It’s new approach will be to charge borrowers Early Repayment Charges (ERCs) of 5% in years one to five, 3% in years six to 10, and 0% from year 11 onwards. The 10% ERC–free partial repayment option remains available.
Previously ERCs were calculated based on the gilt rate which the lender said was more difficult for customers to understand.
Dean Mirfin (pictured), technical director at intermediary Key Retirement, said the move was good for the market.
He said: “For those who require the flexibility to repay, lifetime mortgages with fixed ERCs are an essential feature in today’s equity release lending landscape.

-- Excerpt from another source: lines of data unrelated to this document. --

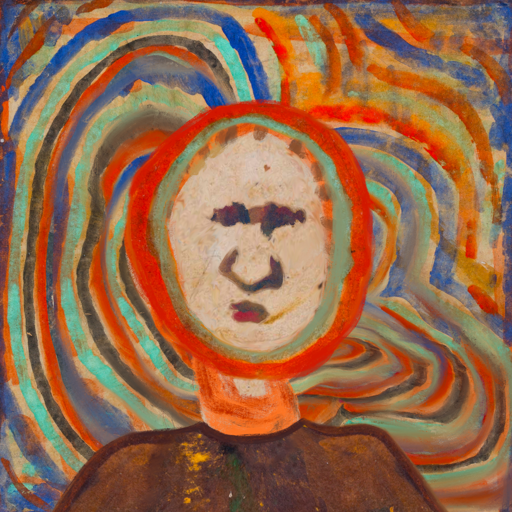
Background: Sisters, Head And Neck Front: Rupkatha, Face Front: In_The_Sun, Bust: Comrade, Hair Front: Sisters, Head Accessory: Blank, Second Necklace: Blank, Necklace: Blank, Baby: Blank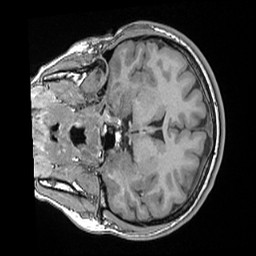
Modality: T1w
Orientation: coronal
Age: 15
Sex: female
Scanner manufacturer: siemens
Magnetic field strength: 1.5 T
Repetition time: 2.04 s
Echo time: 0.00308 s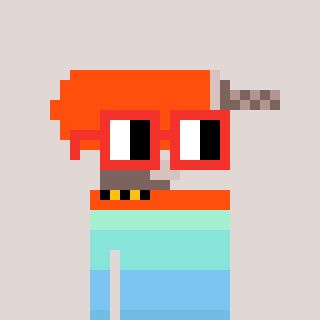
a pixel art character with square red glasses, a drill-shaped head and a grayscale-colored body on a warm background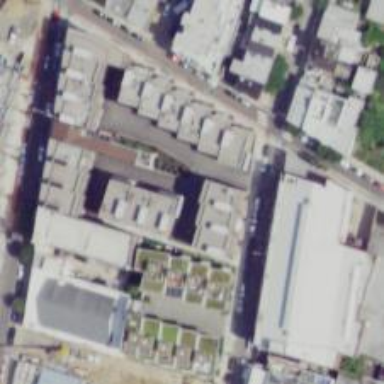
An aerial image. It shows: Alley classified as service road.
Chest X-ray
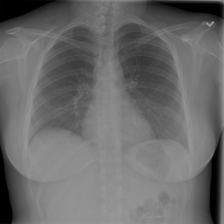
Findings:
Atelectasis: negative
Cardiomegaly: negative
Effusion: negative
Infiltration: positive
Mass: negative
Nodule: negative
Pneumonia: negative
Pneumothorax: negative
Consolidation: negative
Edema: negative
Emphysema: negative
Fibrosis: negative
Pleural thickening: negative
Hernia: negative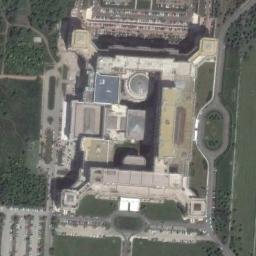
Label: palace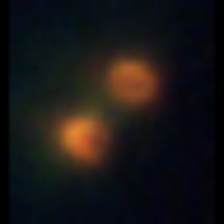
Taxon: Skeletonema
Group: Diatoms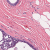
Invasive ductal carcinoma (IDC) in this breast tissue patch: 0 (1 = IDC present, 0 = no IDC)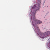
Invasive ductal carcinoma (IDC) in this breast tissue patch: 0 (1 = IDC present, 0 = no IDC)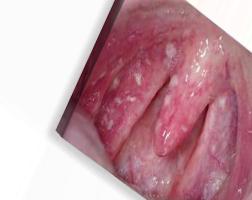
Condition: Mouth Ulcer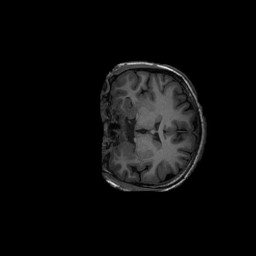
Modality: T1w
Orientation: coronal
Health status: ill
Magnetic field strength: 3 T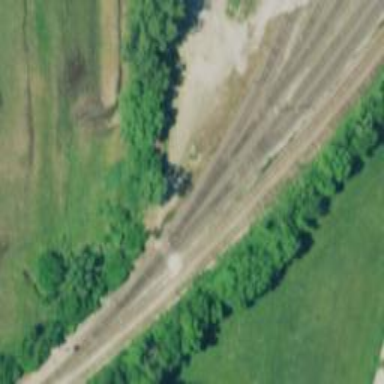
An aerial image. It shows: Railway spur service.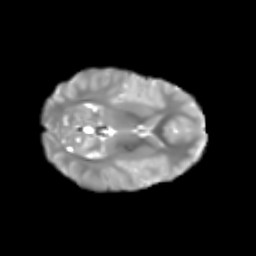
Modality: T2w
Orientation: axial
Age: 7
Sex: female
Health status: healthy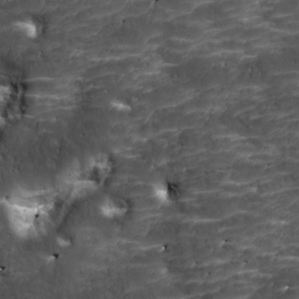
Label: non_frost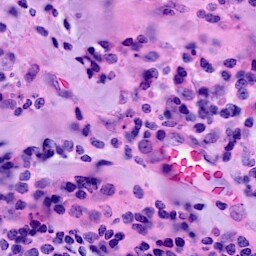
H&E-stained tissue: Breast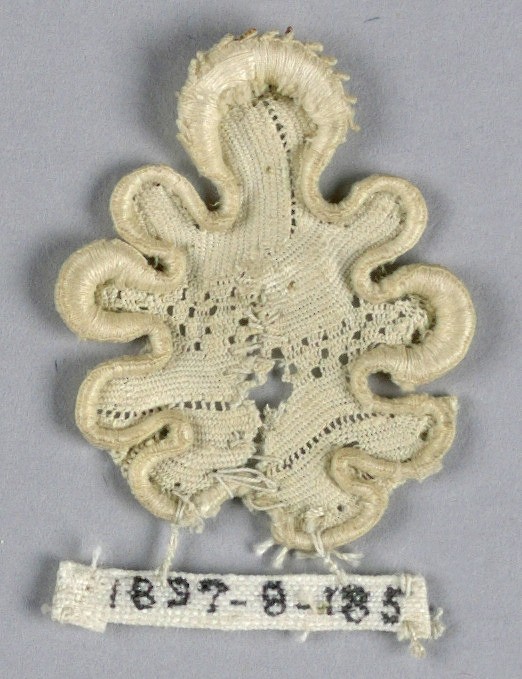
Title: Fragment
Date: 17th century
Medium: linen Technique: needle lace
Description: Fragment with a leaf in an openwork design and deeply scalloped edge.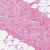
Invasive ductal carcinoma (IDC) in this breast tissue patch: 0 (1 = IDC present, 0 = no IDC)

The addition of fixed ERCs from More 2 Life adds greater scope and competition in the fixed space which is further good news for consumers.”
Explaining the rationale behind the change, Dave Harris, managing director at more 2 life, said: “With the equity release market growing steadily, it is important that lenders drive innovation in the sector to allow a greater number of borrowers to access the wealth currently tied up in their homes.”
He added: “Property wealth is likely to account for a significant proportion of a client’s overall wealth, so it’s crucial that retirees have a greater range of options available to them. At More 2 Life we will continue to bring innovative products to the market to suit individual retirement needs and offer competitive deals for our intermediaries.”
The announcement comes on the back of industry figures released earlier this week showing that the equity release market has, for the first time, surpassed total annual lending of £2bn. Data from the Equity Release Council showed that total lending for 2016 was £2.15bn, an increase of 34% on the previous year.